H4B Boston.pdf

H4B Boston—which recently shed the Back Bay moniker to reflect its more central location—is shining against the backdrop of a city known for its life-sciences community.

The agency established a strong footprint in the market during 2014. “Our first full year [2013] was more of a start-up-phase mentality,” recalls Stephen Piotrowski, managing director of the Health4Brands network agency.

Firm leaders expect to repeat the double-digit revenue performance of 2014 this year. “We will continue to aim for double-digit growth until we reach a certain scale,” Piotrowski shares.

The shop signed on five new assignments in 2014, including new business pitch wins from ­Braintree Laboratories and Boston Biomedical. Julien Jarreau, EVP creative director, is quick to point out that organic growth is an important part of the agency’s top line.

“There’s nothing better than a client awarding you new business based on a previous project’s performance,” says Jarreau, with a nod toward the agency’s biggest client, Genzyme, a Sanofi company. The shop manages the US and global assignments for every rare disease drug in its portfolio.

The newest Genzyme assignments that H4B Boston has picked up include Kynamro for a rare type of high cholesterol called homozygous familial hypercholesterolemia (HoFH); Thyrogen for ­postoperative thyroid remnant ablation; and ­olipudase, a protein-based therapy being studied for the metabolic disease Niemann-Pick Type B.

The team is busy working on a first-in-class oncology stem-cell product for Boston Biomedical, which competes with Macrogenics and Verastem at the chance to bring products targeting cancer stem cells to market.

The agency completed important prelaunch work to drum up awareness about cancer stem cells, Jarreau reports. “We focused on helping oncologists understand the role therapies designed to target stem cells play alongside radiation and chemotherapy,” he says.

“The Boston Biomedical account reinforces our capabilities as a highly specialized agency with broad therapeutic experience in niche categories,” observes Piotrowski.

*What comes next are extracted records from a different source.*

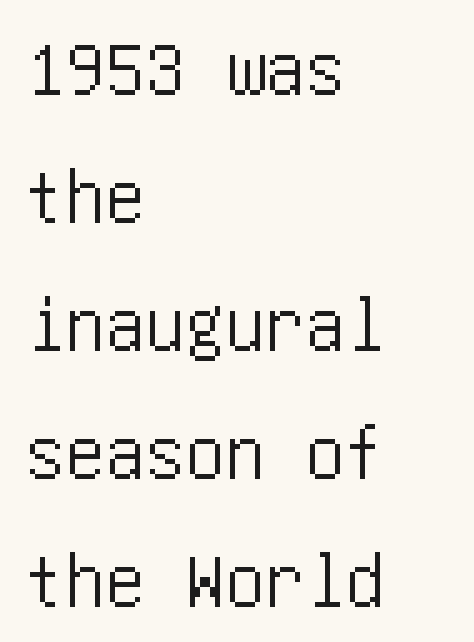
Q: Is the text italic (slanted)? A: No, it is upright.
Q: Is the typeface a serif or a sans-serif typeface? A: Sans-serif.
Q: Is the text underlined? A: No.
Q: How is the paragraph aligned? A: Left-aligned.
Q: Is the spacing between letters normal or unusually wide? A: Normal.
Q: Is the spacing between lines tight, normal or loose? A: Normal.
Q: Width (condensed, normal, or wide)? A: Condensed.
Q: Stroke contrast? A: Low.
Q: x-height? A: Large.

A client like Boston Bio­medical is perhaps most interested in a service model that will scale up with them as they grow.

“Clients in different life stages may not want the full resource list, but we can scale our services to fit the need,” Piotrowski states. “We are able to tap into managed markets, consumer, medical education, digital and more.”

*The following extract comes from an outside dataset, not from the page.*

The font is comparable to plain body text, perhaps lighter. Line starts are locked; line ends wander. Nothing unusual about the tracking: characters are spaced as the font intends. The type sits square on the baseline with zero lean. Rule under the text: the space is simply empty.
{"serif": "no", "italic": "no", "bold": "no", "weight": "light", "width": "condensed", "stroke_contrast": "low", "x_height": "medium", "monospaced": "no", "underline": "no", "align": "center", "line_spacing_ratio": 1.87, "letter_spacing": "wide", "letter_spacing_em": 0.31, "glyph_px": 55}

Piotrowski has learned that the market is simply different in Boston. “Our clients aren’t just about business,” he explains. “They expect us to have some skin in the game and trust is an important piece of the puzzle.”

The agency lives up to the expectation of giving back outside the office, and then some. “We focus on building a strong culture from a value perspective,” Jarreau shares. “We like to give back.”

The agency’s head count is likely to settle around 25 by year’s end—in no way a large number, but certainly a far cry from the three employees present on the day the agency opened its doors. Fluctuations have occurred as “we learned along the way that not everyone is built to work in a startup agency,” Piotrowski quips.

Piotrowski is most proud that the agency has recorded zero account losses since its establishment. “That’s a testament to the relationships we’ve built,” he says. “But we need a backup plan. Client diversification, combined with our current work, will get us to our goals.”